Ela, Carolina Maria de Jesus. O lugar, favela do Canindé, anos cinquenta. “Devo incluir-me, porque eu também sou favelada. Sou rebotalho. Estou no quarto de despejo, e o que está no quarto de despejo ou queima-se ou joga-se no lixo”. Todos os dias ela nos conta quantos cruzeiros conseguiu. “Eu cato papel, mas não gosto. Então eu penso: faz de conta que eu estou sonhando”. Todos os dias ela nos conta o que conseguiu comprar. “Amanheceu chovendo. E eu tenho só 4 cruzeiros, e um pouco de comida que sobrou de ontem e uns ossos”. Todo dia ela precisa catar para comprar a comida do dia. “O Brasil precisa ser dirigido por uma pessoa que já passou fome. A fome também é professora”. A fome que sentiu e a fome que viu nos filhos.
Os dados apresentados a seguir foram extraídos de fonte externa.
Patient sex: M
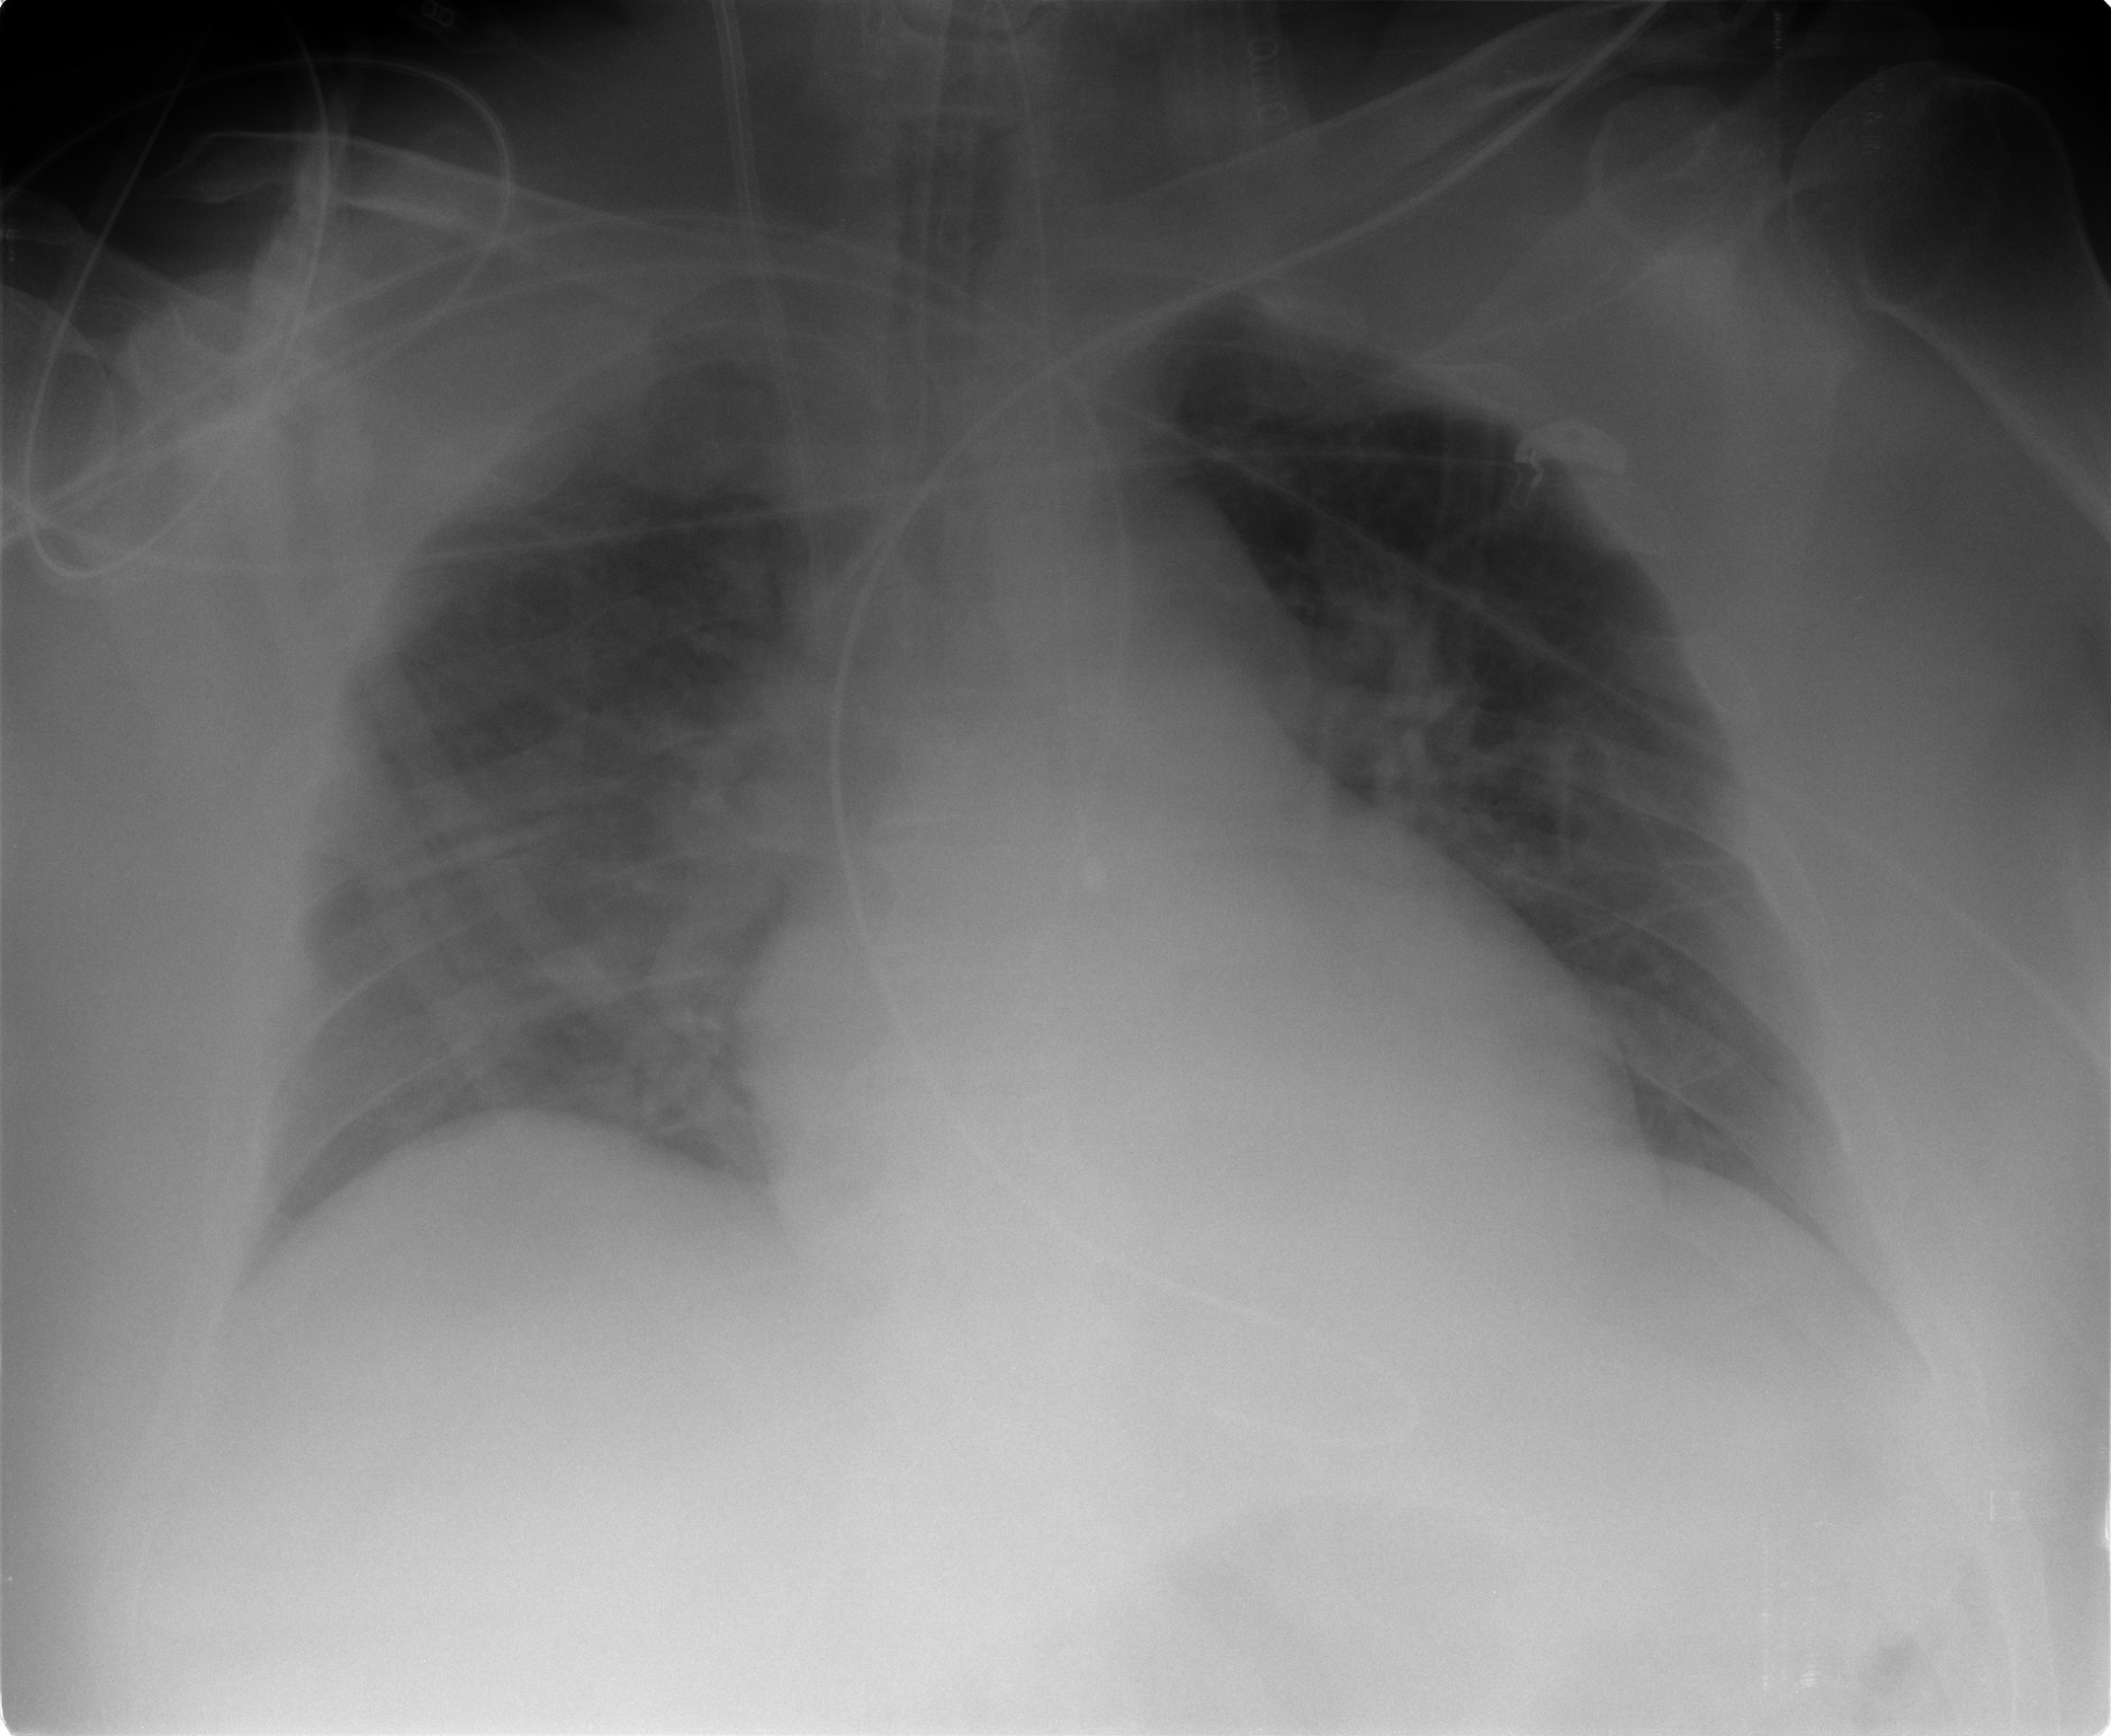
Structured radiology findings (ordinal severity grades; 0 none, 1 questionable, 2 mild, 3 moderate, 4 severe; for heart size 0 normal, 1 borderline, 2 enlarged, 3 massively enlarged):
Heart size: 2
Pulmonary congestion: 2
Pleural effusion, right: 2
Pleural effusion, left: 0
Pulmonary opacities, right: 2
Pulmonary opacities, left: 0
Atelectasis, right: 2
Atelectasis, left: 1

Repete, todo dia. Ela diz que queria ter nascido homem, mas é mulher mãe de três filhos. Ela faz poesia dentro do barraco. “O céu já está salpicado de estrelas. Eu que sou exótica gostaria de recortar um pedaço do céu para fazer um vestido”. É poesia dentro do livro triste e dolorido. “Hoje em dia quem nasce e suporta a vida até a morte deve ser considerado herói”. Ela fala da vida na beira do insuportável. “Eu preciso trabalhar e escrevo nas horas vagas”. Ela é escritora. Não sei como a arte chegou no meio da fome. Mas entrou na vida dela. Ela sonha. “…eu durmi. E
tive um sonho maravilhoso. Sonhei que eu era um anjo. Meu vistido era amplo. Mangas longas cor de rosa. Eu ia da terra para o céu. E pegava as estrelas na mão para
contemplá-las. Conversar com as estrelas. Elas organisaram um espetáculo para homenagear-me. Dançavam ao meu redor e formavam um risco luminoso”. Para mim, Carolina, a estrela que peguei na mão foi o seu livro. Ele tem um brilho forte, de doer o olho e de nos fazer enxergar um pedaço grande do nosso mundo. “percebi que estava me reanimando. Quando anoiteceu eu fiquei alegre. Cantei. O João e o José tomaram parte, os visinhos ébrios interferiram com suas vozes desafinadas. Cantamos a Jardineira.”